Unnamed: 0,Y,X1,X2,X3,X4,X5,X6
count,126.0,126.0,126.0,126.0,126.0,126.0,126.0
mean,0.547619,4.333333,2.531746,3.309524,3.746032,3.650794,4.253968
std,0.499714,0.8,1.114892,1.02344,0.875776,1.147641,0.809311
min,0.0,1.0,1.0,1.0,1.0,1.0,1.0
25%,0.0,4.0,2.0,3.0,3.0,3.0,4.0
50%,1.0,5.0,3.0,3.0,4.0,4.0,4.0
75%,1.0,5.0,3.0,4.0,4.0,4.0,5.0
max,1.0,5.0,5.0,5.0,5.0,5.0,5.0


In [4]:
# CHeck if any columns in the dataset contain null values

In [5]:
df.isnull().sum()

Y     0
X1    0
X2    0
X3    0
X4    0
X5    0
X6    0
dtype: int64

In [6]:
# The data set does not contain any null values. Now proceed with further steps
# This is a classification problem with single dependent variable "Y" and six independent variables

In [7]:
# Examine the correlation between predictor variables
df.corr()

Unnamed: 0,Y,X1,X2,X3,X4,X5,X6
Y,1.0,0.28016,-0.024274,0.150838,0.064415,0.224522,0.167669
X1,0.28016,1.0,0.059797,0.283358,0.087541,0.432772,0.411873
X2,-0.024274,0.059797,1.0,0.184129,0.114838,0.039996,-0.062205
X3,0.150838,0.283358,0.184129,1.0,0.302618,0.358397,0.20375
X4,0.064415,0.087541,0.114838,0.302618,1.0,0.293115,0.215888
X5,0.224522,0.432772,0.039996,0.358397,0.293115,1.0,0.320195
X6,0.167669,0.411873,-0.062205,0.20375,0.215888,0.320195,1.0


In [8]:
# Divide the data into training data and test data (80:20)
X = df.loc[:, df.columns!='Y']
X = X.loc[:, X.columns!='X2']
X = X.loc[:, X.columns!='X4']
y = df['Y']

#X_train, X_test, y_train, y_test = train_test_split(X,y,test_size=0.20)
X_train, X_test, y_train, y_test = train_test_split(X,y,random_state=RANDOM_STATE, test_size=0.20)

In [9]:
classifiers = [{'name': 'Naive Bayes',
                'classifier': GaussianNB()},
               {'name': 'Logistic Regression',
                'classifier': LogisticRegression(random_state=RANDOM_STATE)},
               {'name': 'K-Nearest Neighbours',
                'classifier': KNeighborsClassifier()},
               {'name': 'Decision Tree',
                'classifier': DecisionTreeClassifier(random_state=RANDOM_STATE)},
               {'name': 'Neural Net',
                'classifier': MLPClassifier(random_state=RANDOM_STATE, max_iter=10000)},
               {'name': 'Support Vector Machines',
                'classifier': SVC(random_state=RANDOM_STATE)},
               {'name': 'Random Forest',
                'classifier': RandomForestClassifier(random_state=RANDOM_STATE)},
               {'name': 'XGBoost',
                'classifier': GradientBoostingClassifier(random_state=RANDOM_STATE)}
              ]

In [10]:
for classifier in classifiers:
    model = classifier['classifier'].fit(X_train, y_train)
    
    y_test_pred = model.predict(X_test)
    totalTestPoints = len(y_test_pred)
    correctlyPredictedTest = (y_test == y_test_pred).sum()

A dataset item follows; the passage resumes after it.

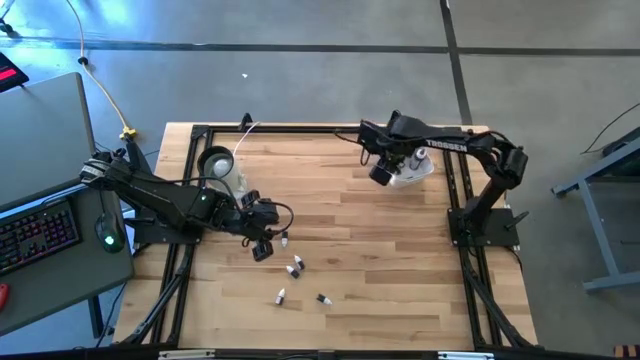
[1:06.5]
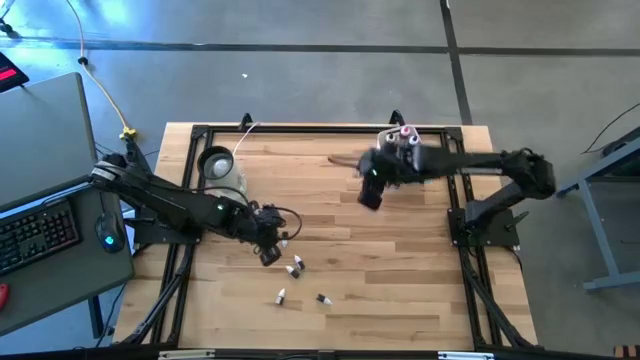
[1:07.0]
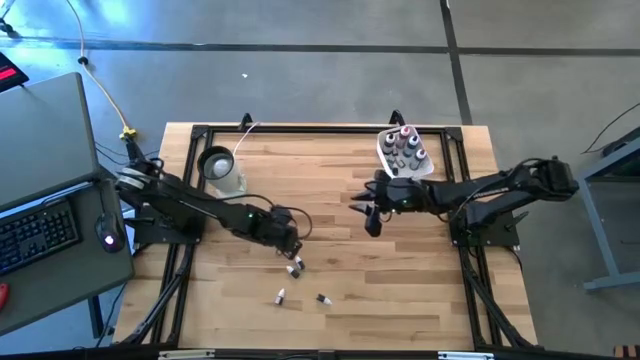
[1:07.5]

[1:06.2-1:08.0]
Put the small black food coloring bottle into the white bin

    y_train_pred = model.predict(X_train)
    totalTrainPoints = len(y_train_pred)
    correctlyPredictedTrain = (y_train == y_train_pred).sum()
    
    print(f"({classifier['name']}) \nTest Accuracy: {round(100*correctlyPredictedTest/totalTestPoints,2)}%; Train Accuracy: {round(100*correctlyPredictedTrain/totalTrainPoints,2)}%\n")

(Naive Bayes) 
Test Accuracy: 65.38%; Train Accuracy: 55.0%

(Logistic Regression) 
Test Accuracy: 61.54%; Train Accuracy: 57.0%

(K-Nearest Neighbours) 
Test Accuracy: 57.69%; Train Accuracy: 81.0%

(Decision Tree) 
Test Accuracy: 61.54%; Train Accuracy: 88.0%

(Neural Net) 
Test Accuracy: 53.85%; Train Accuracy: 85.0%

(Support Vector Machines) 
Test Accuracy: 53.85%; Train Accuracy: 80.0%

(Random Forest) 
Test Accuracy: 61.54%; Train Accuracy: 88.0%

(XGBoost) 
Test Accuracy: 61.54%; Train Accuracy: 86.0%



## Questions
1. Classifier selection criterion
2. Depending on randomness in test/train split, the performance changes. How to measure the performance? Multiple runs?